Absent a results-based method of weighing the performance of governments,
drawing such distinctions between countries would be imprecise,
even potentially inaccurate. Using a vague notion of “quality,” a
proxy for “capacity,” or a proxy for “bureaucratic autonomy” would leave
differences between countries and across regions very hard to substantiate,
even impressionistically (Heller 2013 proposes employing a very complicated
array of “second-generation” data to do the job of measurement
when much simpler, more direct ways of assessing good governance are
easily available, as specified in this note).
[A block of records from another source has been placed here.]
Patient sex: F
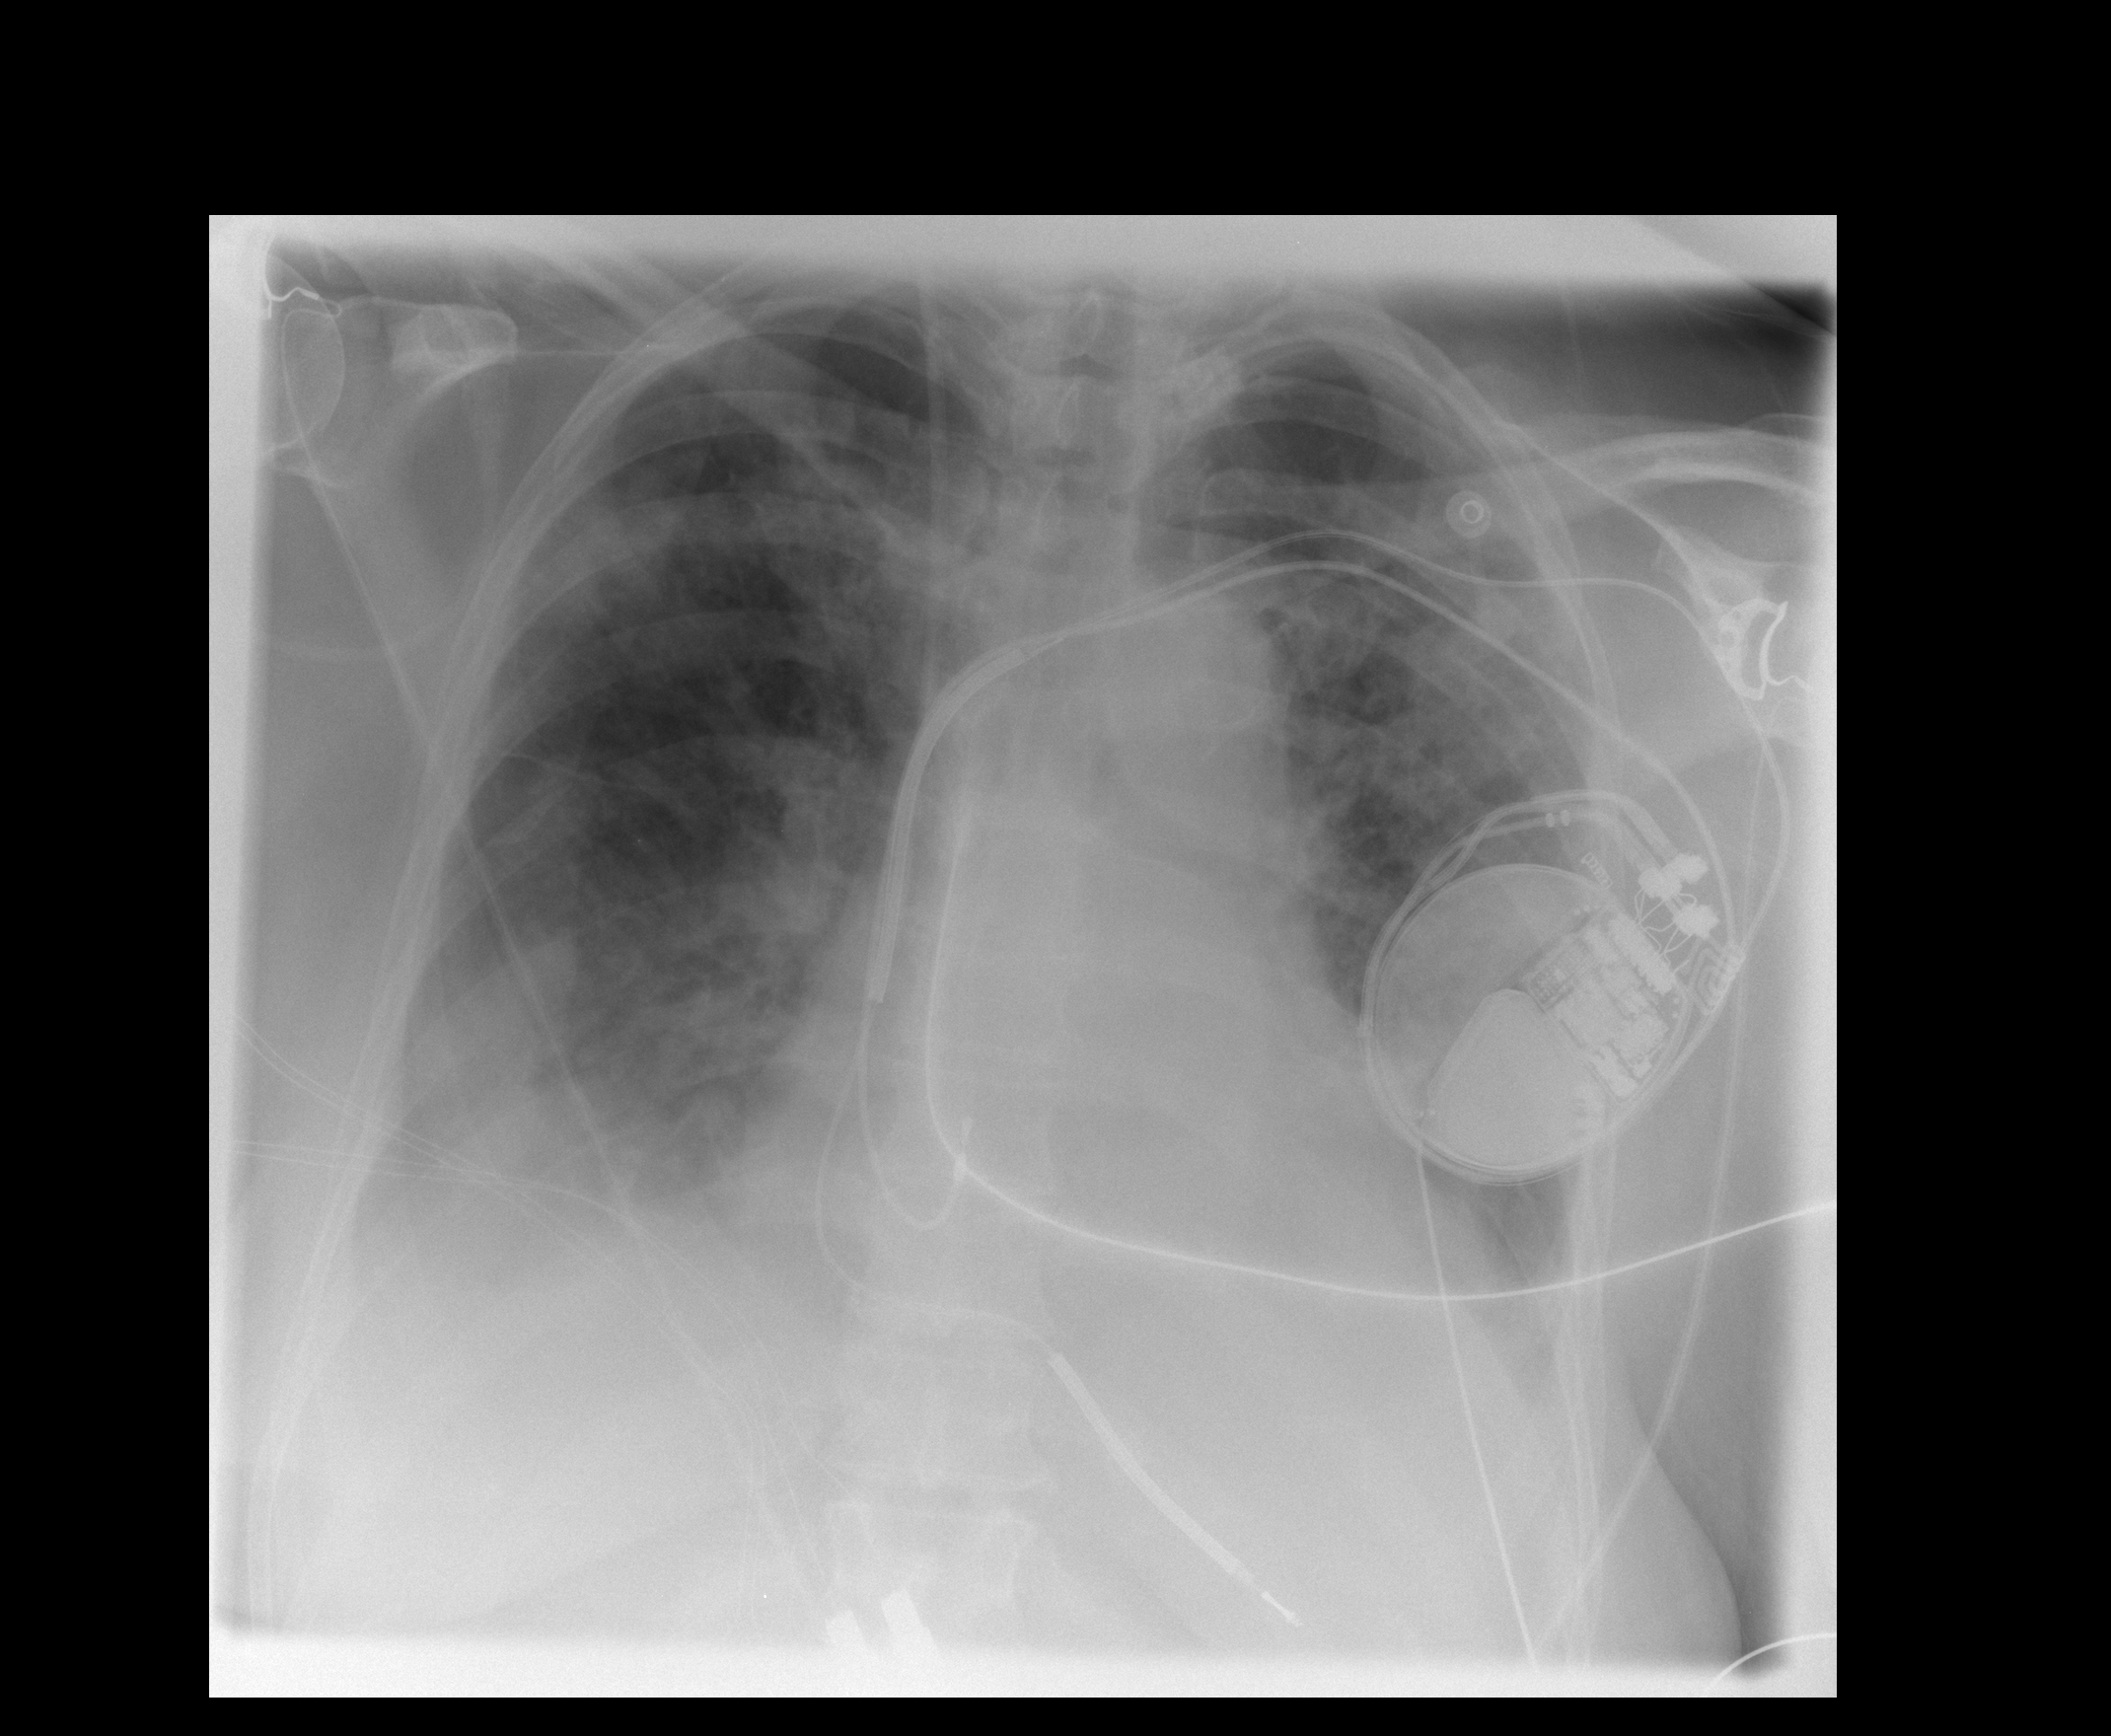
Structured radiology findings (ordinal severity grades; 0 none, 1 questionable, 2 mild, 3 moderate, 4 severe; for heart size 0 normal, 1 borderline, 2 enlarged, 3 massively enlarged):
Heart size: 2
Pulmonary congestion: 3
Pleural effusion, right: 2
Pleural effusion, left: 2
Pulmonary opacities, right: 3
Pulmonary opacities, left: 3
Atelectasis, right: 2
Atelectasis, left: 2
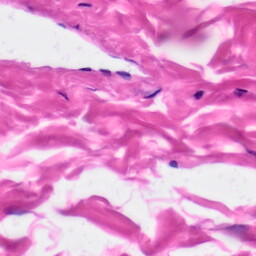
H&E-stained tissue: Skin
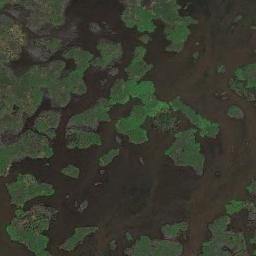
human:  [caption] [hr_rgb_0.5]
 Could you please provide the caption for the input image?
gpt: Half the area of this wetland is dark blue water .

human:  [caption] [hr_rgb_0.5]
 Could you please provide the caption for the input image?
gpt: The wetland consists of green plants and water .

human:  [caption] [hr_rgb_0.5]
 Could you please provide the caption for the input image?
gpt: There are numerous different shapes and sizes of water around the wetlands .

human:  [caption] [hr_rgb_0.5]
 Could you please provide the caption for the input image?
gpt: The river surface in a wetland is covered with green trivial plants .

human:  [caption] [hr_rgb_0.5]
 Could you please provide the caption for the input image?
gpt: There are many green islands on the wetland .
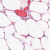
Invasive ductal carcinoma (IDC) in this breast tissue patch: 0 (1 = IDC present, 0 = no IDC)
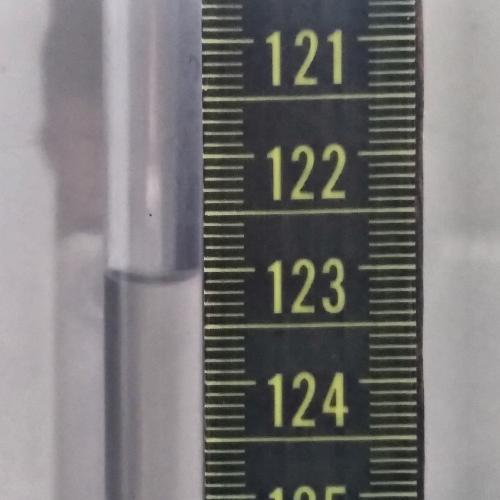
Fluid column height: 123.1 cm
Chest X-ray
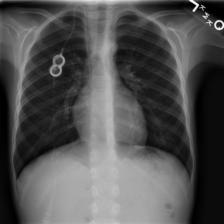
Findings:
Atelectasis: negative
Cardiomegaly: negative
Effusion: negative
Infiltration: negative
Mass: negative
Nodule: negative
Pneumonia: negative
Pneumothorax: negative
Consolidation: negative
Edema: negative
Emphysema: negative
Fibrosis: negative
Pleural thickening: negative
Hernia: negative
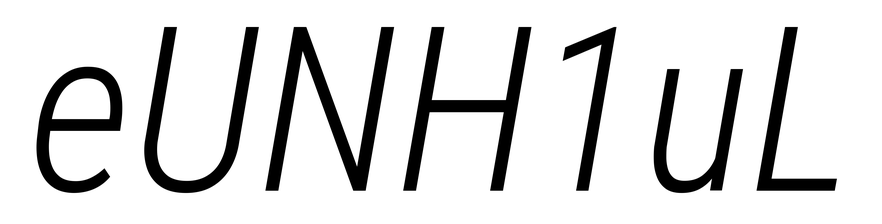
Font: Roboto-Italic_Condensed_Light_Italic
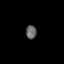
Tissue: prostate
Cell type: Fibroblasts
Senescence score: 0.6836
Nuclear area (px): 138
Mean DAPI intensity: 104.116
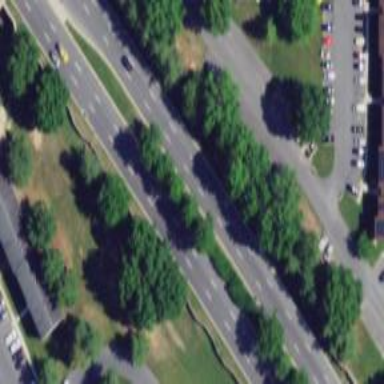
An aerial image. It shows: Asphalt trunk highway classified as expressway.
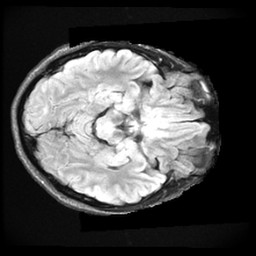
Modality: FLAIR
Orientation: axial
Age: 45
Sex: female
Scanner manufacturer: ge
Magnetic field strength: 3 T
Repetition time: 11 s
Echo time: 0.1497 s
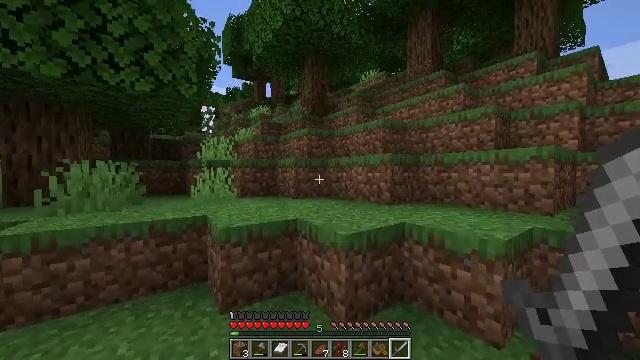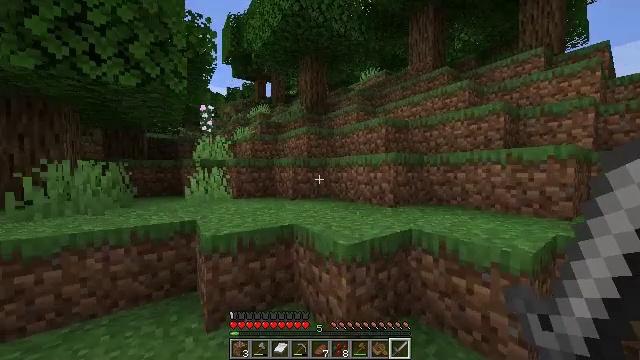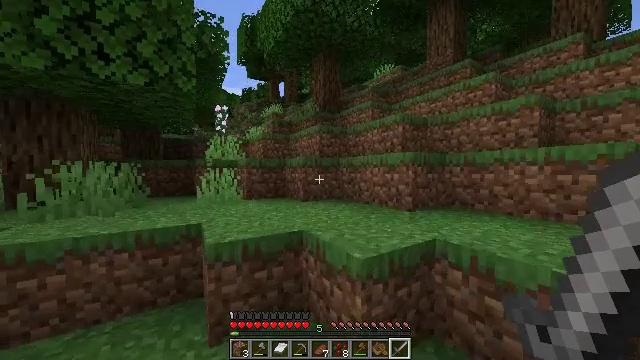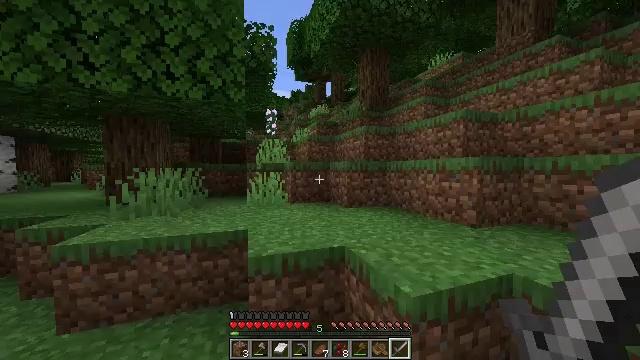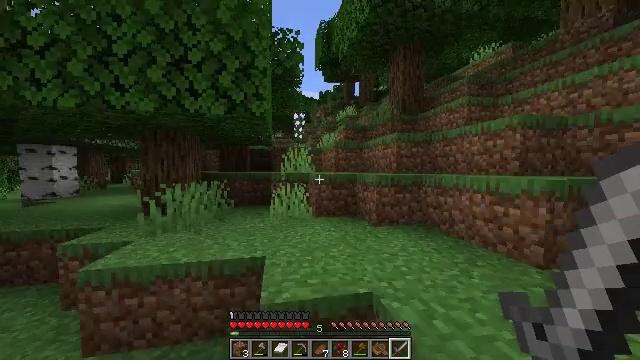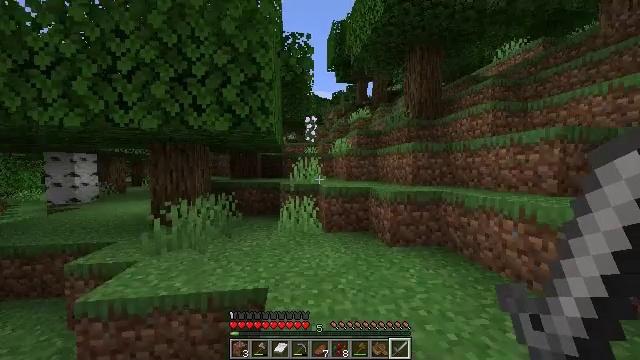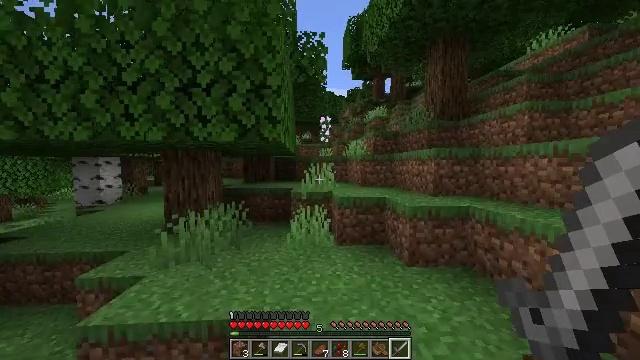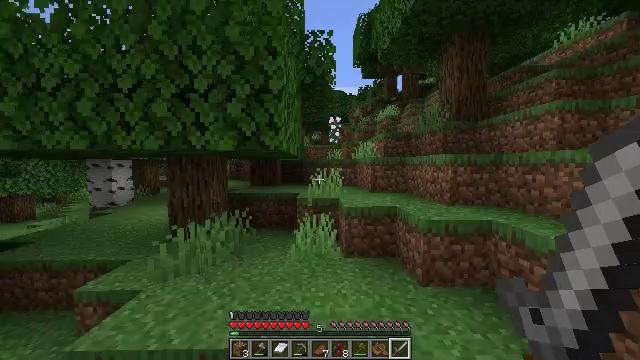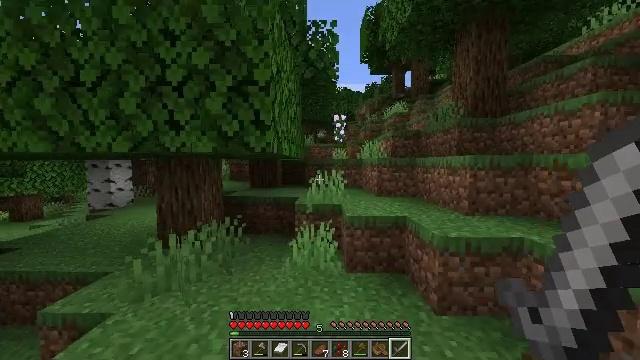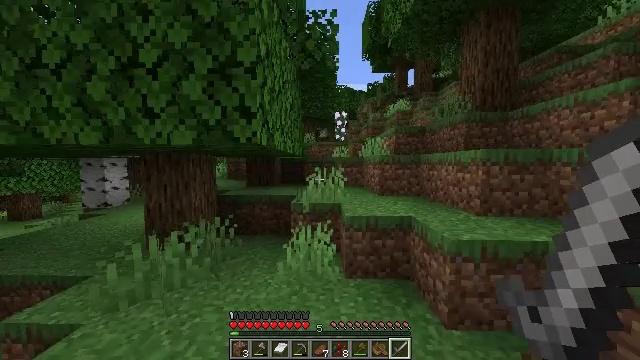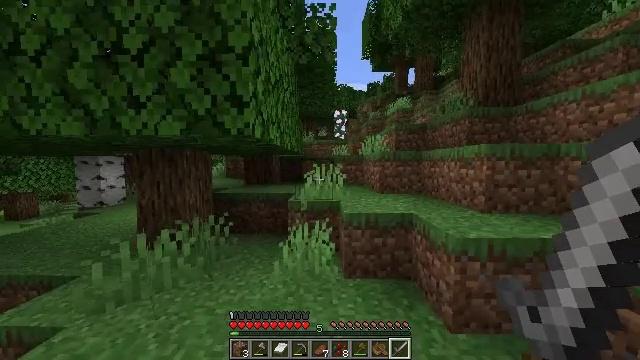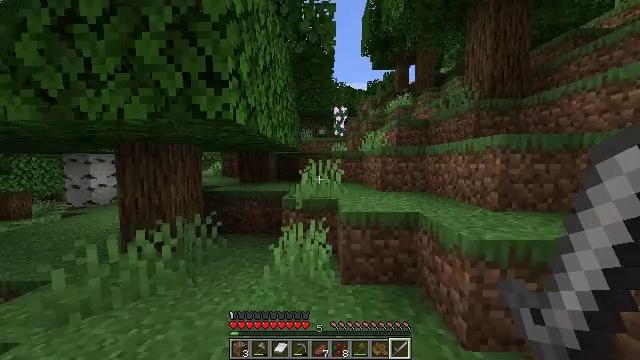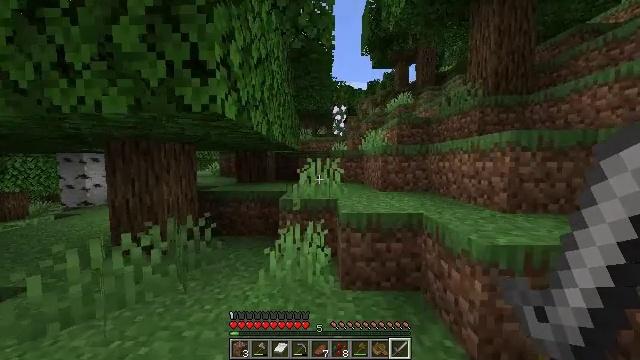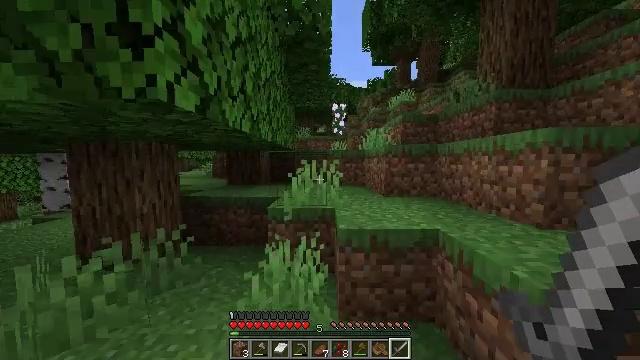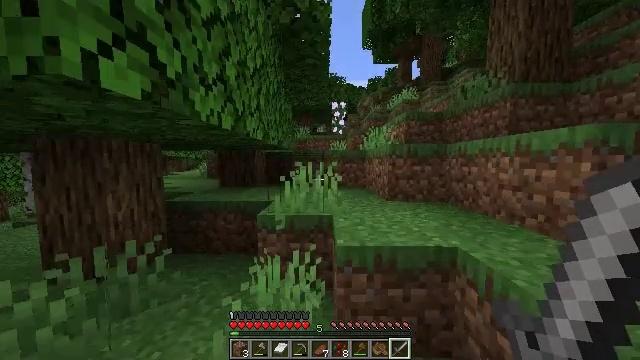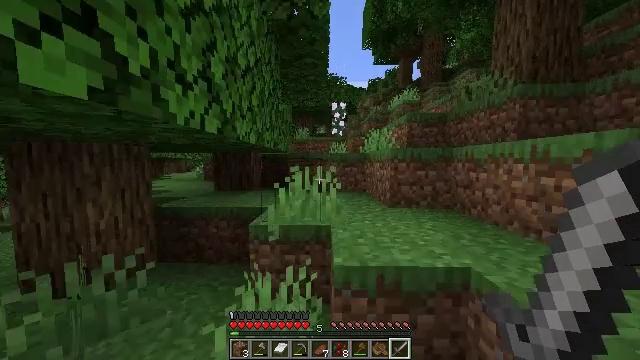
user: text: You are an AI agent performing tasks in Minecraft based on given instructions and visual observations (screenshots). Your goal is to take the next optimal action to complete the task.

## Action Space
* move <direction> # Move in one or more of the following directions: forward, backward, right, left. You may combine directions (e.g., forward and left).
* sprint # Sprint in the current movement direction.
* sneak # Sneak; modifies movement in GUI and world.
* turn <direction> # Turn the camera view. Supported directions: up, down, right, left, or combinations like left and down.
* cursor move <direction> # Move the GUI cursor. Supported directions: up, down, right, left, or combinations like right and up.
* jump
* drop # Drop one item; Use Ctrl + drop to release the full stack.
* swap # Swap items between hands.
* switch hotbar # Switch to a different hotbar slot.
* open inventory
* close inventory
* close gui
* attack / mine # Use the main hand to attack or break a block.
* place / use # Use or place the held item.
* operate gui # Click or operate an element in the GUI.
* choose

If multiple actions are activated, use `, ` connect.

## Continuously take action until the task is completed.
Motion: motion action
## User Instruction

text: Mine the peony flower from the ground.
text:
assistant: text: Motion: move forward, sprint
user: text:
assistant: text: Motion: move forward, sprint, turn left
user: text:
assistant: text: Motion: move forward, sprint, turn left, jump
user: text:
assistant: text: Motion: move forward, sprint, turn left, jump
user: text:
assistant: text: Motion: move forward, sprint, turn left, jump
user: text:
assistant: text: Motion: move forward, sprint, turn left, jump
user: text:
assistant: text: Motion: move forward, sprint, turn left, jump
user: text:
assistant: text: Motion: move forward, sprint, turn left, jump
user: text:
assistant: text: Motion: move forward, sprint
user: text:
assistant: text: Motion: move forward, sprint
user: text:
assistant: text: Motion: move forward, sprint
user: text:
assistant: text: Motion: move forward, sprint
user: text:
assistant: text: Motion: move forward, sprint
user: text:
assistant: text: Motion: move forward, sprint
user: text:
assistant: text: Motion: move forward, sprint, jump
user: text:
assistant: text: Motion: move forward, sprint, jump
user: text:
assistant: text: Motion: move forward, sprint, jump
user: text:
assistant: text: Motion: move forward, sprint, jump
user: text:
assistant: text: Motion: move forward, sprint, jump
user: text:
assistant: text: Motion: move forward, sprint, turn right
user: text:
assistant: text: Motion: move forward, sprint, turn right
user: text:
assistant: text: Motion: move forward, sprint, turn right
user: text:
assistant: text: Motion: move forward, sprint
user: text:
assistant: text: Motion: move forward, sprint
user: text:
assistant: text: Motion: move forward, sprint
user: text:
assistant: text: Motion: move forward, sprint
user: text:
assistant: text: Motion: move forward, sprint
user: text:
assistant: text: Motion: move forward, sprint, jump
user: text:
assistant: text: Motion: move forward, sprint, jump
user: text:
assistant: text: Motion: move forward, sprint, turn left, jump

As this note argues, precise measurements of governance as a whole
and of governance separated into its component parts permit researchers
and policymakers to separate good performers from bad performers.
Measuring governance by the outcome method painstakingly shows
whether regimes are delivering necessary and desirable governmentally
provided performance results to their citizens. This concept of governance
diagnostically also enables an existing government, a civil society, or
donors to appreciate which parts of an overall system are working well
and which poorly. Critical decisions may thus be made that, in the best of
circumstances, can improve good governance and therefore the living
conditions of those who reside in the developing world.